There may be a chance of error but these can be verified brefore processing any transactions. If the customer is asked for the BIC as well as their bank name and address then these can be confirmed to be a match via online look-up. If not then the BIC is wrong. The IBAN has an error check built in to ensure the accuracy of the number (see Wikipedia for all the gory details) - not perfect but I imagine it would catch most entry errors.


----------



## Mrs Vimes (20 Feb 2014)

Brendan Burgess said:


> We ask for a full bank statement so that we can also be sure that  there are sufficient funds in the account to cover the initial payment.  Again this meets the data protection requirement to request the minimum  amount of data to provide the service.



This sounds to me distinctly like trying to defend the indefensible.

Will they refuse the DD if the statement is from the period after paying the Christmas CC bill but before getting the January paycheck?

Well done on getting a response from them but I think you are letting them off far too lightly!


----------



## Brendan Burgess (20 Feb 2014)

Hi Mrs Vimes

That is their old policy. They have changed it as a result of the discussions on askaboutmoney. 

I agree that they should not be defending their old policy, but fair play to them for changing it.

Brendan


----------



## Brendan Burgess (20 Feb 2014)

Sue Ellen said:


>




http://www.memecenter.com/fun/1237111/bad-luck-brain-bowing-for-applause


----------



## RainyDay (2 Apr 2014)

Brendan Burgess said:


> We ask for a full bank statement so that we can also be sure that  there are sufficient funds in the account to cover the initial payment.  Again this meets the data protection requirement to request the minimum  amount of data to provide the service.
> 
> Bank statements are securely shredded by An Post after the first debit is successfully processed.





Brendan Burgess said:


> I am glad that they no longer are asking for the full bank statement.  Fair play to them for not attempting to defend the indefensible.



Am I missing something? They are still looking for a bank statement to pay by direct debit, right?

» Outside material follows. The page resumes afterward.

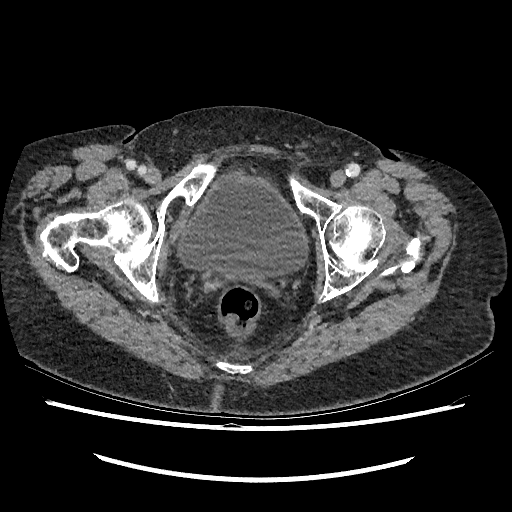

CT; Image size 512x512; Lower abdomen
Annotated regions:
• urinary bladder: region(176, 175, 308, 288)

http://www.anpost.ie/AnPost/MainCon...n+Post/TV+Licence/TV+Licence+Direct+Debit.htm


----------



## Time (2 Apr 2014)

Sure looks that way.


> It will also be *mandatory to provide a recent bank statement* with your application.


Their bolding.


----------



## pmurphy (31 Oct 2014)

I bank with Ulster bank, I dont get paper statements anymore. I have no idea how to give this information to the TV License people!

Any help?

thanks


----------